* TASK BRIEF
Down to the last line, print the entries below exactly, and keep every picture out of the copy.

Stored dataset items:
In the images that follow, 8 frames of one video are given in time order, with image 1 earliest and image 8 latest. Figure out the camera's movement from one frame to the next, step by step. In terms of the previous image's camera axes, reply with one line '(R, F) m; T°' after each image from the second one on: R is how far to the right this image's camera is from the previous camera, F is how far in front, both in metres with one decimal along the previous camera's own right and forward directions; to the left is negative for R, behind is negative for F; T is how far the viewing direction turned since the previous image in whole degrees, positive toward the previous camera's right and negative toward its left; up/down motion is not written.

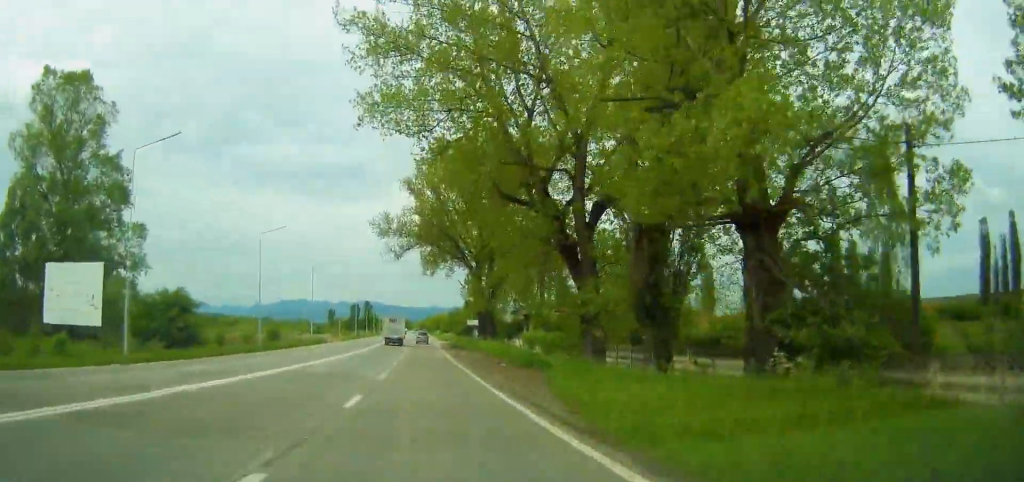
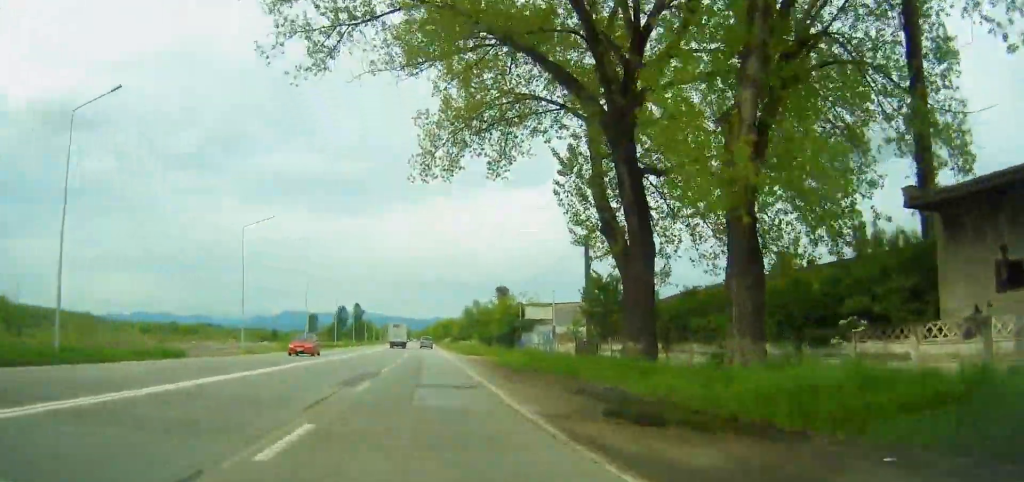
(-0.2, +60.4) m; -1°
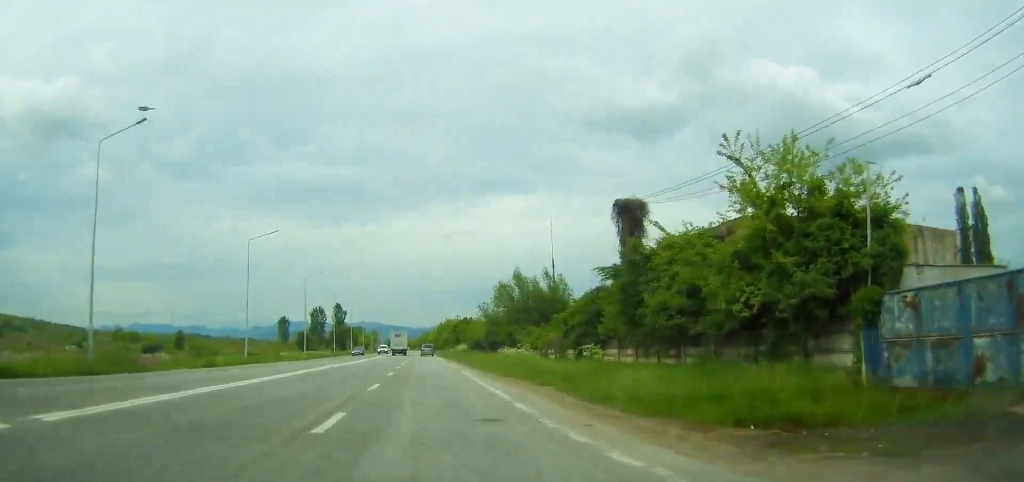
(-0.3, +51.9) m; 0°
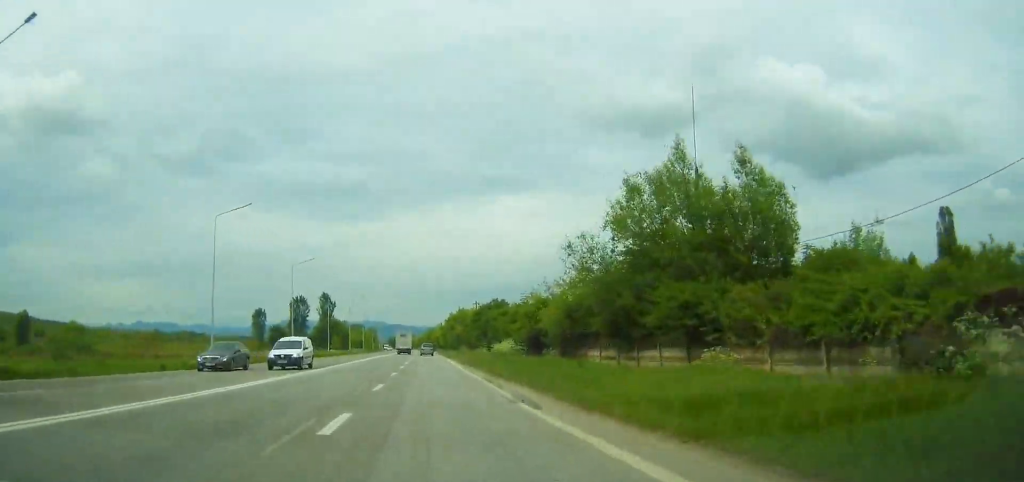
(+0.2, +36.8) m; 0°
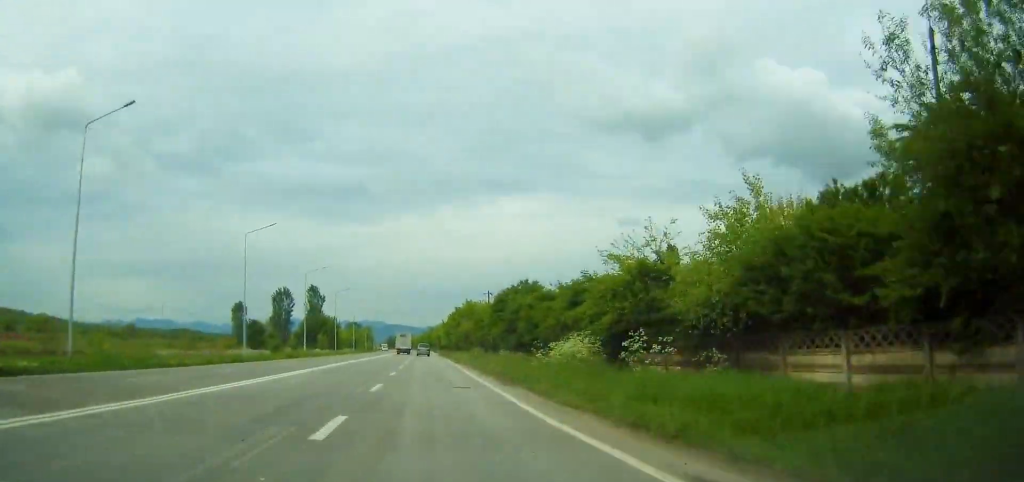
(0.0, +18.8) m; 0°
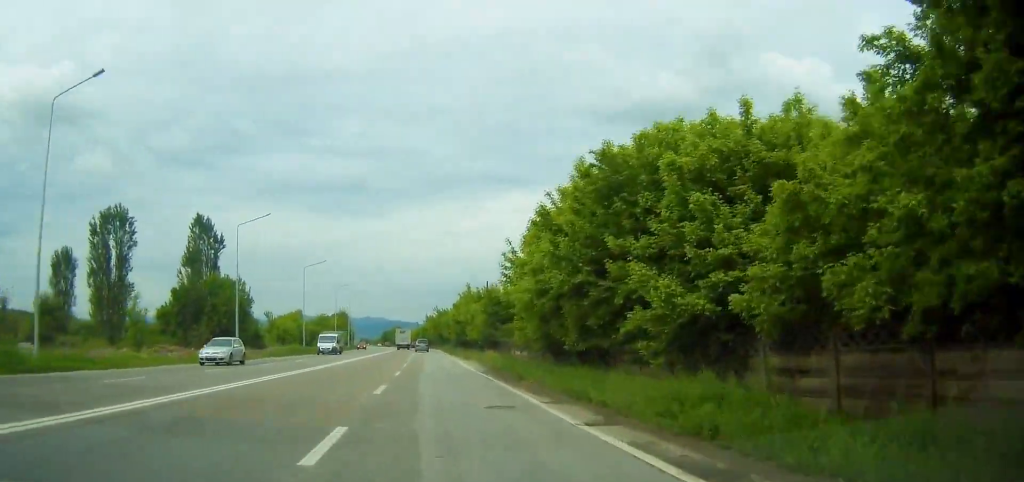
(-0.6, +83.2) m; -1°
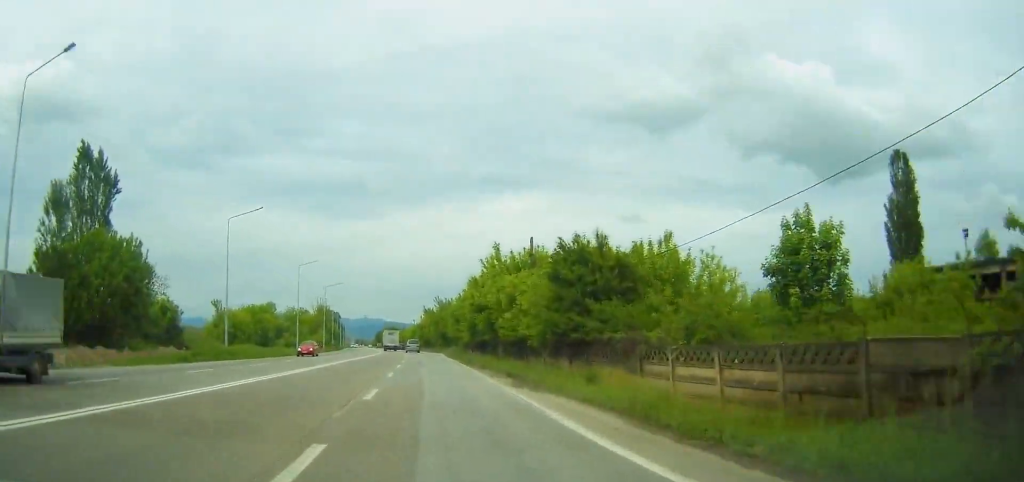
(0.0, +29.1) m; 0°
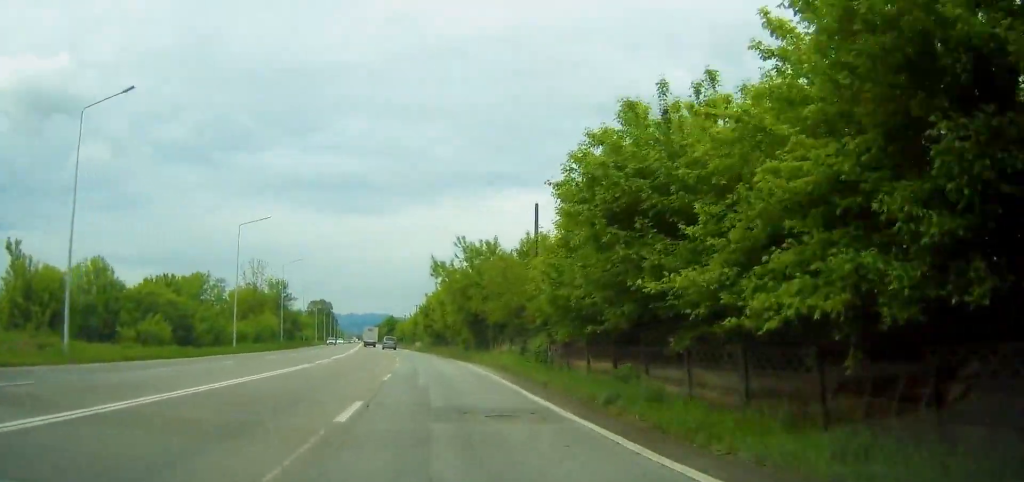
(-0.1, +49.9) m; -1°
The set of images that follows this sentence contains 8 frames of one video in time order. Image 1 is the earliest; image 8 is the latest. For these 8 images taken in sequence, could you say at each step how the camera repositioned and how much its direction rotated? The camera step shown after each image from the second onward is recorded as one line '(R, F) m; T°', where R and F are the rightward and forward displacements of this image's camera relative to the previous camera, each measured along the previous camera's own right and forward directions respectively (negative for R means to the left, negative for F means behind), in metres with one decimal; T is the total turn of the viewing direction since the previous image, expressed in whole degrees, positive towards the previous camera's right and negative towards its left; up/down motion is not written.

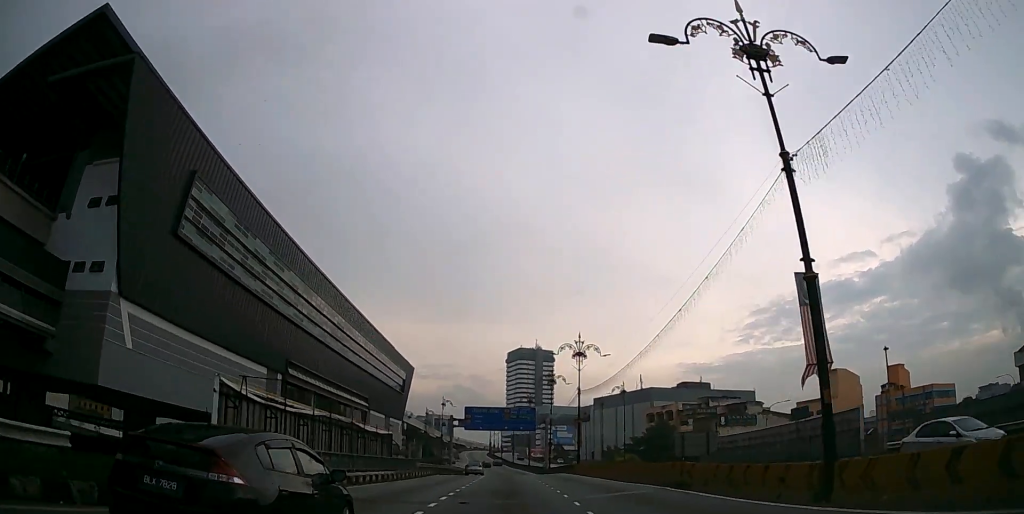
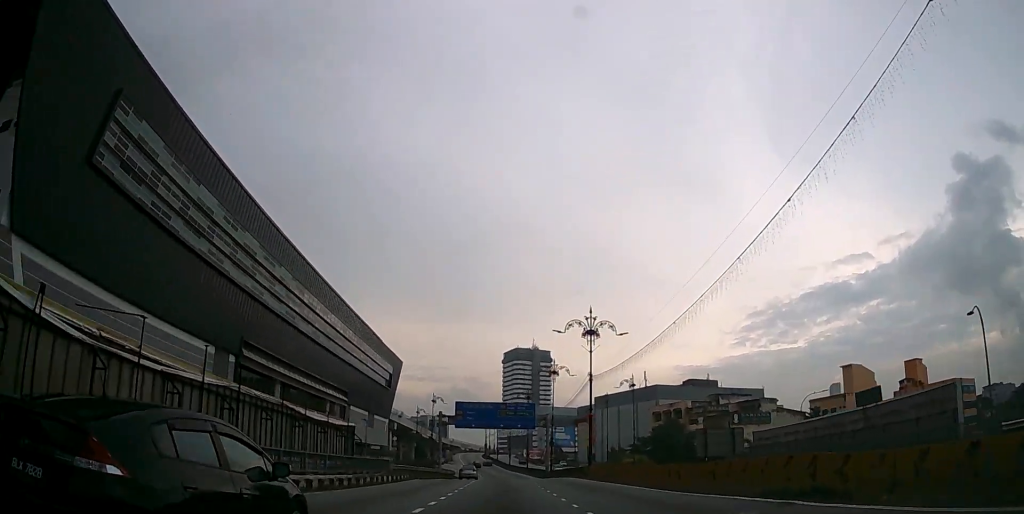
(0.0, +7.4) m; 0°
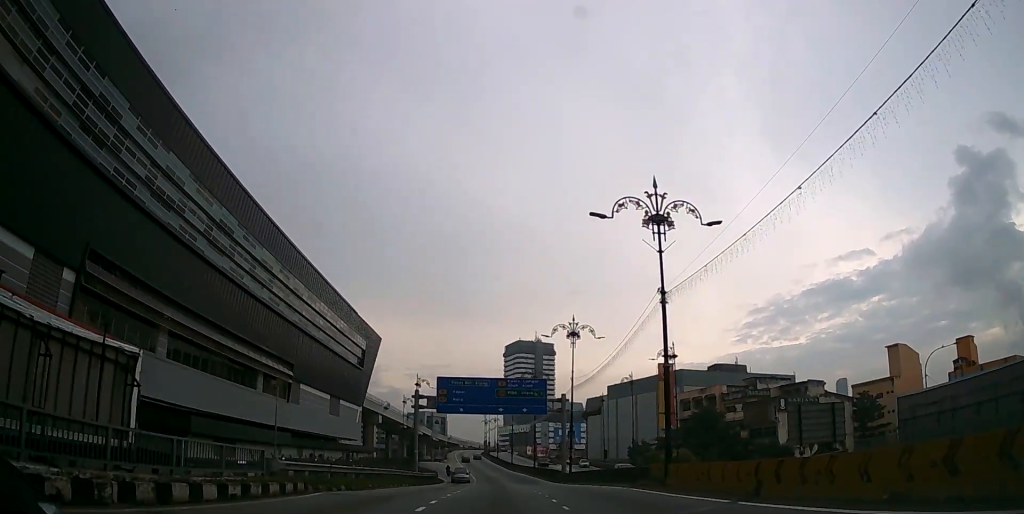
(0.0, +16.3) m; 0°
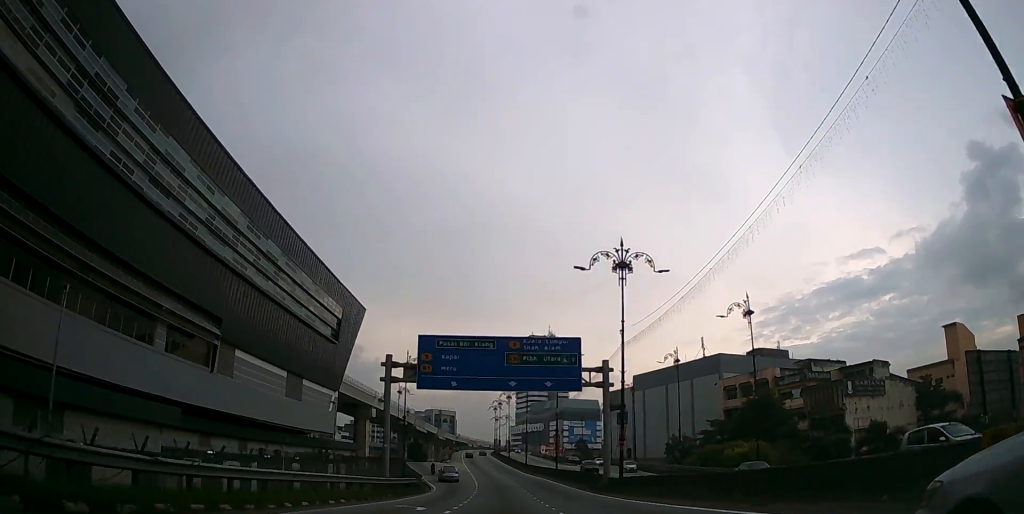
(-0.1, +15.3) m; -1°
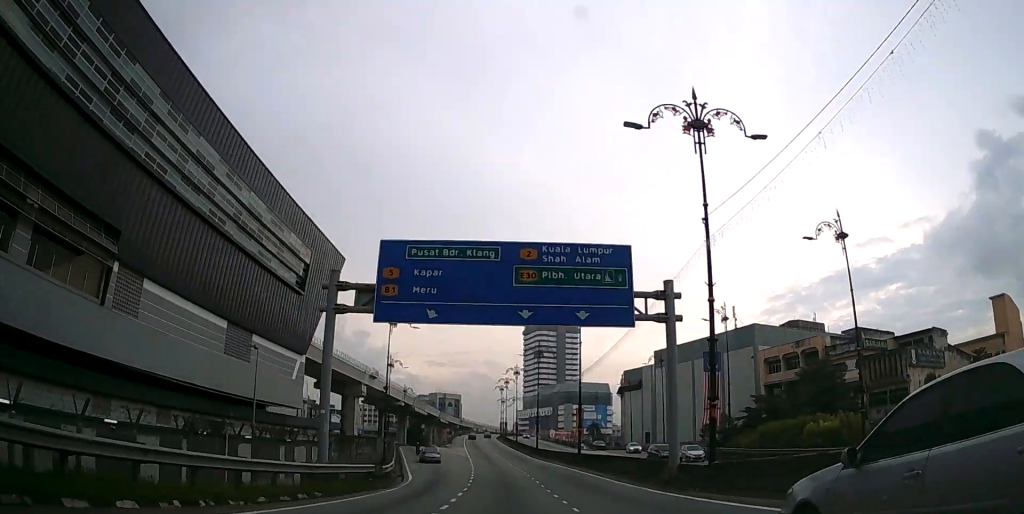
(-0.1, +12.1) m; -1°
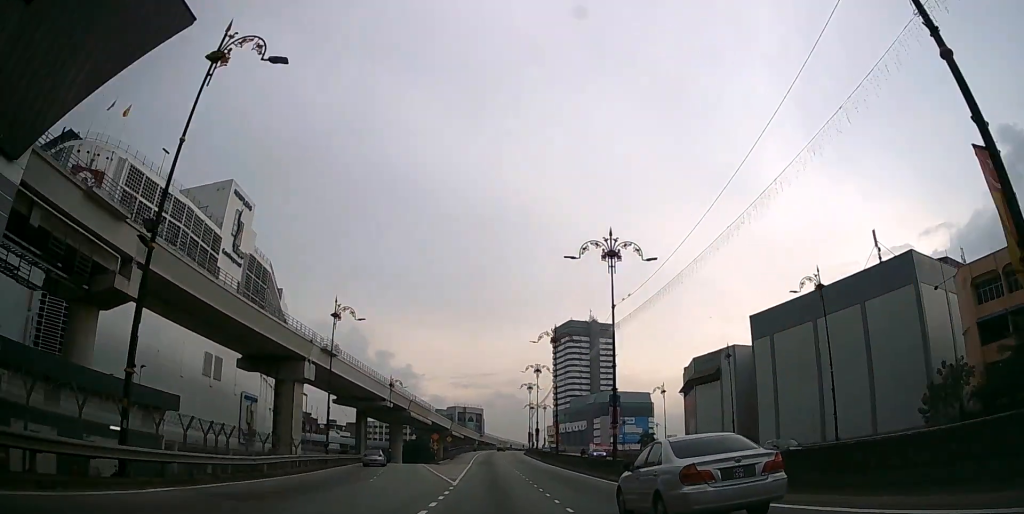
(-0.9, +36.7) m; -3°
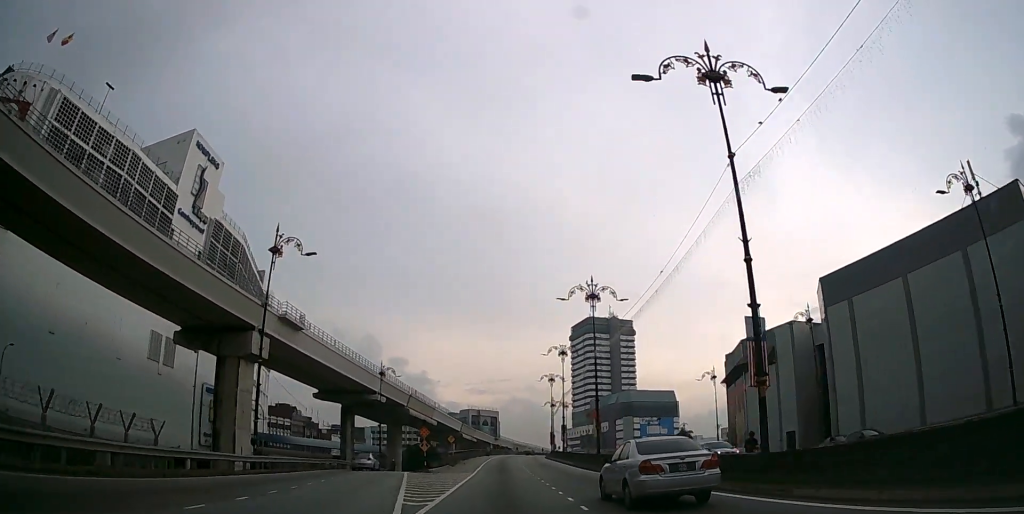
(-0.2, +16.4) m; -1°
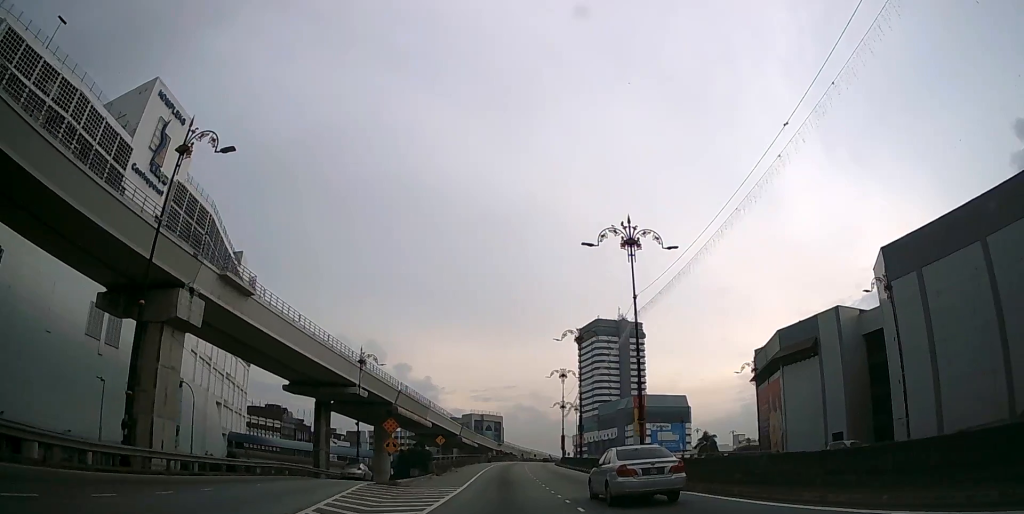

* TASK OUTPUT
In the images that follow, 8 frames of one video are given in time order, with image 1 earliest and image 8 latest. Figure out the camera's movement from one frame to the next, step by step. In terms of the previous image's camera axes, reply with one line '(R, F) m; T°' after each image from the second one on: R is how far to the right this image's camera is from the previous camera, F is how far in front, both in metres with one decimal along the previous camera's own right and forward directions; to the left is negative for R, behind is negative for F; T is how far the viewing direction turned since the previous image in whole degrees, positive toward the previous camera's right and negative toward its left; up/down motion is not written.

(-0.2, +60.4) m; -1°
(-0.3, +51.9) m; 0°
(+0.2, +36.8) m; 0°
(0.0, +18.8) m; 0°
(-0.6, +83.2) m; -1°
(0.0, +29.1) m; 0°
(-0.1, +49.9) m; -1°
The set of images that follows this sentence contains 8 frames of one video in time order. Image 1 is the earliest; image 8 is the latest. For these 8 images taken in sequence, could you say at each step how the camera repositioned and how much its direction rotated? The camera step shown after each image from the second onward is recorded as one line '(R, F) m; T°', where R and F are the rightward and forward displacements of this image's camera relative to the previous camera, each measured along the previous camera's own right and forward directions respectively (negative for R means to the left, negative for F means behind), in metres with one decimal; T is the total turn of the viewing direction since the previous image, expressed in whole degrees, positive towards the previous camera's right and negative towards its left; up/down motion is not written.

(0.0, +7.4) m; 0°
(0.0, +16.3) m; 0°
(-0.1, +15.3) m; -1°
(-0.1, +12.1) m; -1°
(-0.9, +36.7) m; -3°
(-0.2, +16.4) m; -1°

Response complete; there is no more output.